It’s that wonderful time of the year when violets make their brief appearance, and my yard is filled with the beautiful little deep-purple flowers. A few years ago, I posted a tutorial on how to make violet syrup, and I thought it would be fun to revive that recipe with a twist. I made the same basic syrup, but added some vodka to the mixture to make a lovely violet cordial that can be sipped by itself or added to other beverages to make a light floral cocktail. The variety of violets I have in my yard are only slightly fragrant, so the cordial has a mild floral flavor. Different varieties will yield different tastes.

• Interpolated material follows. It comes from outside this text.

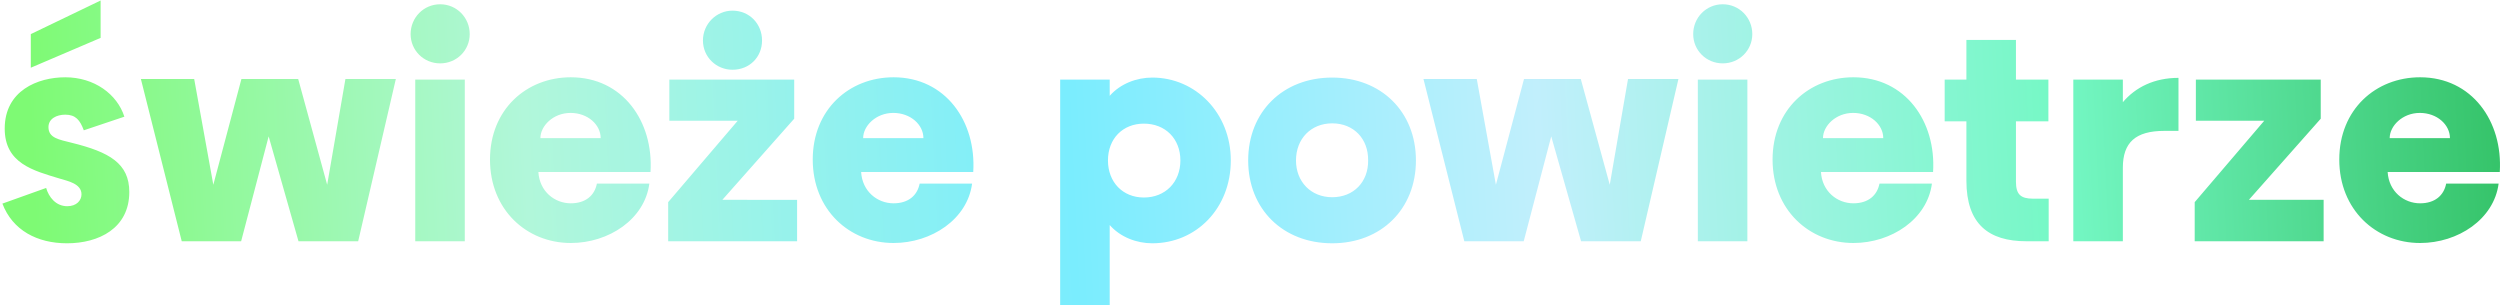 <svg xmlns="http://www.w3.org/2000/svg" width="611" height="75" viewBox="0 0 611 75"><defs><linearGradient id="fjgla" x1="8.21" x2="611" y1="48.83" y2="19.62" gradientUnits="userSpaceOnUse"><stop offset="0" stop-color="#7efa74"/><stop offset=".2" stop-color="#b1f7da"/><stop offset=".42" stop-color="#7aedfe"/><stop offset=".61" stop-color="#c1effc"/><stop offset=".82" stop-color="#75f8c5"/><stop offset="1" stop-color="#35c369"/></linearGradient></defs><g><g><path fill="url(#fjgla)" d="M591.402 27.597c-4.248 0-7.364 3.186-7.364 6.16h14.728c0-3.257-3.115-6.16-7.364-6.16zm6.444 17.277h12.816c-1.133 8.71-9.913 14.515-19.189 14.515-10.833 0-19.755-8.143-19.755-20.392 0-12.25 8.922-20.11 19.755-20.11 12.675 0 20.251 10.763 19.472 23.154h-27.402c.283 4.745 3.965 7.648 7.93 7.648 3.611 0 5.806-1.912 6.373-4.815zm-29.952 3.965v10.125h-31.509v-9.559L553.38 29.51h-16.71V19.454h30.517v9.559l-17.56 19.826zm-35.474-29.81v12.958h-3.47c-7.01 0-10.125 2.832-10.125 8.992v17.985h-12.108v-39.51h12.108v5.523c3.115-3.682 7.718-5.948 13.595-5.948zm-31.722 39.935h-5.452c-9.276 0-14.657-4.248-14.657-14.798V29.65h-5.31V19.454h5.31v-9.7h12.108v9.7h7.93V29.65h-7.93v14.728c0 3.116 1.133 4.178 4.178 4.178h3.823zm-47.795-31.367c-4.248 0-7.364 3.186-7.364 6.16h14.728c0-3.257-3.115-6.16-7.364-6.16zm.071 22.092c3.611 0 5.806-1.912 6.373-4.815h12.816c-1.133 8.71-9.913 14.515-19.189 14.515-10.833 0-19.755-8.143-19.755-20.392 0-12.25 8.922-20.11 19.755-20.11 12.675 0 20.251 10.763 19.472 23.154h-27.402c.283 4.745 3.965 7.648 7.93 7.648zm-25.915 9.275H414.95v-39.51h12.108zm-6.019-57.92c4.036 0 7.223 3.257 7.223 7.293 0 3.965-3.187 7.152-7.223 7.152s-7.222-3.187-7.222-7.152c0-4.036 3.186-7.293 7.222-7.293zm-20.038 57.92h-14.587l-7.293-25.632-6.726 25.632H357.88l-9.984-39.652h13.029l4.673 25.845 6.868-25.845h13.879l7.08 25.845 4.461-25.845h12.32zm-84.26-19.755c0 5.24 3.681 8.993 8.85 8.993 5.24 0 8.85-3.753 8.78-8.993.07-5.31-3.54-9.063-8.78-9.063-5.169 0-8.85 3.753-8.85 9.063zm29.313 0c0 11.896-8.497 20.251-20.463 20.251-12.037 0-20.534-8.355-20.534-20.25 0-11.896 8.497-20.252 20.534-20.252 11.966 0 20.463 8.356 20.463 20.251zm-57.566 0c0-5.31-3.682-8.992-8.922-8.992-5.169 0-8.78 3.682-8.78 8.992 0 5.31 3.611 9.064 8.78 9.064 5.24 0 8.922-3.753 8.922-9.064zm-6.868-20.25c10.55 0 19.189 8.638 19.189 20.25 0 11.683-8.427 20.251-19.19 20.251-3.823 0-7.788-1.487-10.408-4.46v19.542h-12.108V19.454h12.108v3.965c2.62-2.974 6.585-4.46 10.409-4.46zm-55.938 14.798c0-3.257-3.115-6.16-7.364-6.16-4.248 0-7.364 3.186-7.364 6.16zM218.39 49.69c3.611 0 5.806-1.912 6.373-4.815h12.816c-1.133 8.71-9.913 14.515-19.19 14.515-10.833 0-19.754-8.143-19.754-20.392 0-12.25 8.921-20.11 19.755-20.11 12.674 0 20.25 10.763 19.472 23.154H210.46c.283 4.745 3.965 7.648 7.93 7.648zm-23.579-.85v10.125h-31.51v-9.559l16.995-19.896h-16.71V19.454h30.517v9.559l-17.56 19.826zm-15.79-46.237c4.178 0 7.222 3.257 7.222 7.293s-3.044 7.152-7.222 7.152c-3.965 0-7.222-3.116-7.222-7.152s3.257-7.293 7.222-7.293zM139.44 27.597c-4.249 0-7.364 3.186-7.364 6.16h14.728c0-3.257-3.116-6.16-7.364-6.16zm6.443 17.277H158.7c-1.133 8.71-9.913 14.515-19.188 14.515-10.834 0-19.756-8.143-19.756-20.392 0-12.25 8.922-20.11 19.756-20.11 12.674 0 20.25 10.763 19.472 23.154H131.58c.283 4.745 3.965 7.648 7.93 7.648 3.612 0 5.807-1.912 6.373-4.815zm-32.288 14.09h-12.108v-39.51h12.108zm-6.018-57.92c4.036 0 7.222 3.257 7.222 7.293 0 3.965-3.186 7.152-7.222 7.152-4.036 0-7.223-3.187-7.223-7.152 0-4.036 3.187-7.293 7.223-7.293zm-20.039 57.92H72.952l-7.293-25.632-6.727 25.632H44.417l-9.984-39.652H47.46l4.674 25.845 6.868-25.845H72.88l7.08 25.845 4.462-25.845h12.32zm-76.26-13.028c.638 2.195 2.337 4.46 5.17 4.46 2.266 0 3.47-1.415 3.47-2.902 0-2.62-3.4-3.257-5.24-3.824-6.586-1.983-13.525-3.753-13.525-12.25 0-9.275 8.072-12.532 14.8-12.532 7.08 0 12.674 4.106 14.444 9.63l-9.913 3.327c-.92-2.478-1.983-3.823-4.532-3.823-2.124 0-4.107.991-4.107 3.044 0 2.691 2.62 3.045 5.665 3.824 9.205 2.266 14.09 5.027 14.09 12.037 0 8.851-7.434 12.533-15.223 12.533-7.293 0-13.312-3.186-15.79-9.7l10.692-3.824zM7.527 16.55V8.337L24.591.124v9.134z"/></g></g></svg>

I began by gathering 2 cups of violets, making sure to choose only those blooms that were open and free of bites and blemishes. When you are harvesting edible wild flowers, make sure that you are picking them from locations that are free from pesticide or other chemical applications.
I placed the violets into a colander and rinsed them thoroughly.
Then placed them in a Mason jar and covered them with 2 cups of boiling water. The water almost immediately began to turn a gorgeous sapphire blue! I let the violet infusion cool, then placed it in the refrigerator and let it steep for 24 hours.
After 24 hours, I strained out the violet blossoms, squeezing them to get out all the gorgeous purple hue. I placed some in a bowl so that I could show you what a brilliant color it made.
I placed the strained liquid into a heavy-bottomed saucepan.
Then added 2 cups of organic cane sugar and let this mixture come to a boil.
I then turned down the heat to medium and let it cook at a low boil for about 10 minutes, stirring often.
I removed the syrup from the heat, then added the strained juice of half a lemon. The acid from the lemon made the syrup go from deep violet to a beautiful magenta color.
I then mixed the syrup, 50/50, with organic vodka and bottled it in sterilized capped glass jars, which I bought at the Container Store.
After letting it sit for 2 weeks, it was ready to decant. It is very sweet by itself, but makes a lovely addition to champagne or sparkling water. Enjoy!
I made this summer before last and it was so good… The perfect indulgence drink after a tough day on the job 🙂
Yes. It’s like drinking a bit of spring sunshine!
This sounds great! No violets here, but I’ll bet there are other edible flowers from my desert environment that would work in this recipe.
This post reminds me of Chowards violet mints. Old-time candy that I discovered as a kid and have enjoyed throughout life since. The flavor is startlingly floral. Have you ever had them?
Thanks! After reading your most recent blog post, I would suggest that it might be fun to use some of the fragrant jasmine flowers you have in your yard. Jasmine makes a nice addition to tea, so why not cocktails? I have seen Chowards violet candy, but haven’t tried it. It is now on my to try list!
Jasmine flowers sound like a really cool idea. I’ll have to check if they’re edible. If so I’m on it!
I know jasmine flowers are used in teas, and according to Mountain Rose Herbs, they can be used in a variety of alcoholic and non-alcoholic beverages. Please let me know how it turns out! http://www.mountainroseherbs.com/learn/jasmine.php
I have only just started exploring this idea of infusions and I really like it.
Infusions can be made with so many different herbs, there are seemingly infinite possibilities. Happy infusing!